The fancy-ness of the process comes from the fact that this process is running in a very isolated environment and a very restricted environment. This means that the process can not see other processess and it has very limited access to system resources.
This is essentially a container. It is made up two features of the Linux Kernel called control groups (or cgroups for short) and namespaces.
Docker on Mac OS runs the Linux Kernel as a VM so that you can run containers on top it.
Table of Contents
Containers vs VMs
A container is a fancy process; a Virtual Machine on the other hand is an entire virtual computer. It is not difficult to see the differences from here. In a VM you set up an entirely new OS on top of virtualied hardware. In a contianer you limit the execution envrionment of the process. Essentially, a VM is a OS level isolation, while a contianer is a process level isolation mechanism.
Docker Basics
The course at Docker-Curriculum is highly recommended for beginners.
As a refresher we will look at the common docker commands:
- docker build: build an image from a recipe
- docker run : run an image
- docker stop : stop a running contianer
- docker kill : kill a running container
- docker ps : List running containers
Linux Process-fu
This is a brief (albeit incomplete and highly simplified) description of how processess work in linux; i.e. how they are created, managed and cleaned-up.
In linux, processess are managed using a tree like structure, with processess having a parent-child relationship. Processess have a unique idenfier called the process-id (or pid). The first process that starts when a Linux computer starts is called the init process and it has PID 1 and it is responsible for starting/managing all other processess.
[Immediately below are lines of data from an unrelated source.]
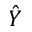
\hat { Y }
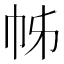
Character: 𢂍
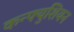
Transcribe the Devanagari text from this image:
कन्फ्युशियन
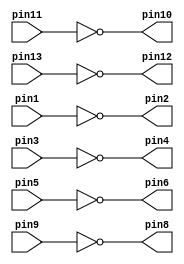
module v7404 (pin1, pin3, pin5, pin9, pin11, pin13, pin2, pin4, pin6, pin8,pin10, pin12); 
	//Declaring inputs & outputs 
	input pin1, pin3, pin5, pin9, pin11, pin13; 
	output pin2, pin4, pin6, pin8, pin10, pin12; 
	//Assigning values to output pins 
	assign pin2 = !pin1; 
	assign pin4 = !pin3; 
	assign pin6 = !pin5; 
	assign pin8 = !pin9; 
	assign pin10 = !pin11; 
	assign pin12 = !pin13; 
endmodule //NOT
 
module v7408 (pin1, pin3, pin5, pin9, pin11, pin13, pin2, pin4, pin6, pin8,pin10, pin12); 
	//Declaring inputs & outputs 
	input pin1, pin2, pin4, pin5, pin9, pin10, pin12, pin13; 
	output pin3, pin6, pin8, pin11; 
	//Assigning values to output pins 
	assign pin3 = pin1 & pin2; 
	assign pin6 = pin4 & pin5; 
	assign pin8 = pin9 & pin10; 
	assign pin11 = pin12 & pin13; 
endmodule //AND 

module v7432 (pin1, pin3, pin5, pin9, pin11, pin13, pin2, pin4, pin6, pin8,pin10, pin12); 
	//Declaring inputs & outputs 
	input pin1, pin2, pin4, pin5, pin9, pin10, pin12, pin13; 
	output pin3, pin6, pin8, pin11; 
	//Assigning values to output pins 
	assign pin3 = pin1 | pin2; 
	assign pin6 = pin4 | pin5; 
	assign pin8 = pin9 | pin10; 
	assign pin11 = pin12 | pin13; 
endmodule //OR
 
module mux2to1(x, y, s, m); 
	//Declaring inputs & outputs 
	input x, y, s; 
	output m; 
	//m = !s&x + s&y; 
	//Declaring wires 
	wire w1; 
	wire w2; 
	wire w3; 
	//Using 7400 series chips 

	//NOT chip 
	v7404 u0( 
		.pin1(s), 
		.pin2(w1) 	//w1 = !s 
		); 

	//AND chip 
	v7408 u1( 
		.pin1(x), 
		.pin2(w1), 
		.pin3(w2),	//w2 = !s&x 
		.pin4(y), 
		.pin5(s), 
		.pin6(w3)	//w3 = s&y 
		);
	 
	//OR chip 
	v7432 u2( 
		.pin1(w2), 
		.pin2(w3), 
		.pin3(m)		//m = w2 + w3 = !s&x + s&y; 
		);
endmodule

When a process creates a child-process, the parent process gets a child-pid. This is important because the parent processess need to wait for the child process to finish its execution. The parent is also responsible for cleaning up after its children.
Cgroups and Namespaces
Container is OS level virutalisation framework that uses namespaces (provided by the linux kernel) to isolate system resources into namespaces such that the processess that run in different namespaces are isolated from each other; i.e. they can not see each other. Thus they do not step on each others toes.
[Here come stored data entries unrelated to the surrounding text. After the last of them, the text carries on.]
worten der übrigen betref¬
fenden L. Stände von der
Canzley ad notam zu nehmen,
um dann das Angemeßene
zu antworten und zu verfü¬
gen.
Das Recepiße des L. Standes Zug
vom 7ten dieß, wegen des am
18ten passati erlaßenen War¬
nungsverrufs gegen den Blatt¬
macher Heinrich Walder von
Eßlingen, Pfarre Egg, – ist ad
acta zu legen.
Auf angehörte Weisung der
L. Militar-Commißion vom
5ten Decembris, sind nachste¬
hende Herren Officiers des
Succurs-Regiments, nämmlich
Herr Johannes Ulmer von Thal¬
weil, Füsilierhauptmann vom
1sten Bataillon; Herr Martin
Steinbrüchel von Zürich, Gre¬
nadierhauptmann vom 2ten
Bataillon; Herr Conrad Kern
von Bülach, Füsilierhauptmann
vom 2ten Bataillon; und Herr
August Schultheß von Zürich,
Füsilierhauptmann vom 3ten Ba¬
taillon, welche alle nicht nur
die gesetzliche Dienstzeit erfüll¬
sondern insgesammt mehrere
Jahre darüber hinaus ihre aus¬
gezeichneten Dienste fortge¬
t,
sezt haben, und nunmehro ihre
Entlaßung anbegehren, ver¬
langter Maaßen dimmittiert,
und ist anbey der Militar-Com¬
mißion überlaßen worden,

It also uses cgroups which is a kernel feature that is used to limit and monitor the usage of system resouces like CPU, memory, pids etc.
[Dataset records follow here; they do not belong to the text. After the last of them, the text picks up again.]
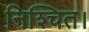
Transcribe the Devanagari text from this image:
निश्‍चित।
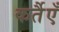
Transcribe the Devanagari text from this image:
कर्तैएँ
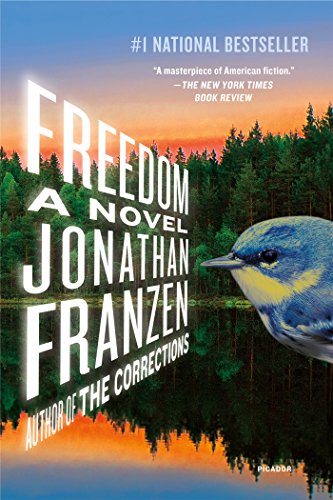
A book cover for Freedom: A Novel (Oprah's Book Club); Jonathan Franzen; Literature & Fiction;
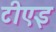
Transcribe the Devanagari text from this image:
टीएइ
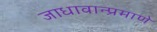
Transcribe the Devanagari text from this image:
जाधावान्प्रमाणे
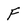
Character: F
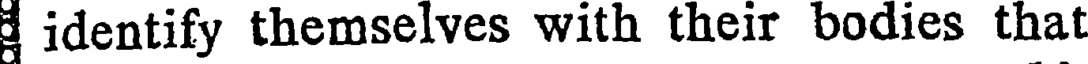
identify themselves with their bodies that
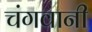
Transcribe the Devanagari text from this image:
चंगवानी
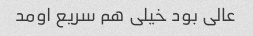
عالی بود خیلی هم سریع اومد
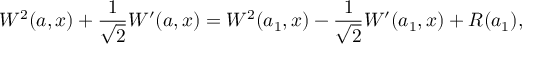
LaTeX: W ^ { 2 } ( a , x ) + \frac { 1 } { \sqrt { 2 } } W ^ { \prime } ( a , x ) = W ^ { 2 } ( a _ { 1 } , x ) - \frac { 1 } { \sqrt { 2 } } W ^ { \prime } ( a _ { 1 } , x ) + R ( a _ { 1 } ) ,
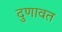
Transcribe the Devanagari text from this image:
दुणावत
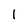
Character: 1
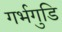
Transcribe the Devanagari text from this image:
गर्भगुडि
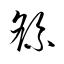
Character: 繇
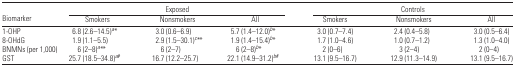
|  | <COLSPAN=3> Exposed | <COLSPAN=3> Controls |
 | Biomarker | Smokers | Nonsmokers | All | Smokers | Nonsmokers | All |
 | --- | --- | --- | --- | --- | --- | --- |
 | 1-OHP | 6.8 (2.6–14.5)a* | 3.0 (0.6–6.9) | 5.7 (1.4–12.0)b* | 3.0 (0.7–7.4) | 2.4 (0.4–5.8) | 3.0 (0.5–6.4) |
 | 8-OhdG | 1.9 (1.1–5.5) | 2.9 (1.5–30.1)c** | 1.9 (1.4–15.4)b* | 1.7 (1.0–4.6) | 1.0 (0.7–1.2) | 1.3 (1.0–4.0) |
 | BNMNs (per 1,000) | 6 (2–8)a** | 6 (2–7) | 6 (2–8)b* | 2 (0–6) | 3 (2–4) | 2 (0–4) |
 | GST | 25.7 (18.5–34.8)a# | 16.7 (12.2–25.7) | 22.1 (14.9–31.2)b# | 13.1 (9.5–16.7) | 12.9 (11.3–14.9) | 13.1 (9.5–16.7) |

So, with these tools, we can isolate process into a sandbox of their own AND limit them with the amount of CPU/Memory they can use.
Apart from this the filesystem that is used by containers is also interesting. This file system is implemented as layers and this enables some really interesting use-cases.
Things are not that simple. There are other things like seccomp (which is a mechanism that is used to limit the system calls that a process can use.)
(there are some extra bits as well which I haven't studied yet)
Control Groups
Control Groups or cgroups are a kernel feature that lets us allocate system resource to processes in a very granular way. Using cgroups you can also do granular resource level accounting for tasks.
You can find the cgroups data-structure at /sys/fs/cgroups The different directories represent the different subsystem (or controller) which are used to control various resources.
Cgroups is heirarchical in nature. Which means the child cgroup, inherits the properties of the parent cgroup. Each directory in one of these subsystems is a cgroup. There are multiple files is each of these directories. This is how the kernel exposes the control variables and accouting information. We will look at 3 of them in slight detail.
Operations with Control Groups
In order to create a new cgroup, we can just create a directory under the desired controller (we can also use the cgcreate command). Once you create a directory under any of the cgroups, relevant files for that cgroup will automatically be created under that directory.
After a process is added to a cgroup, all child processess will be created in that cgroup itself.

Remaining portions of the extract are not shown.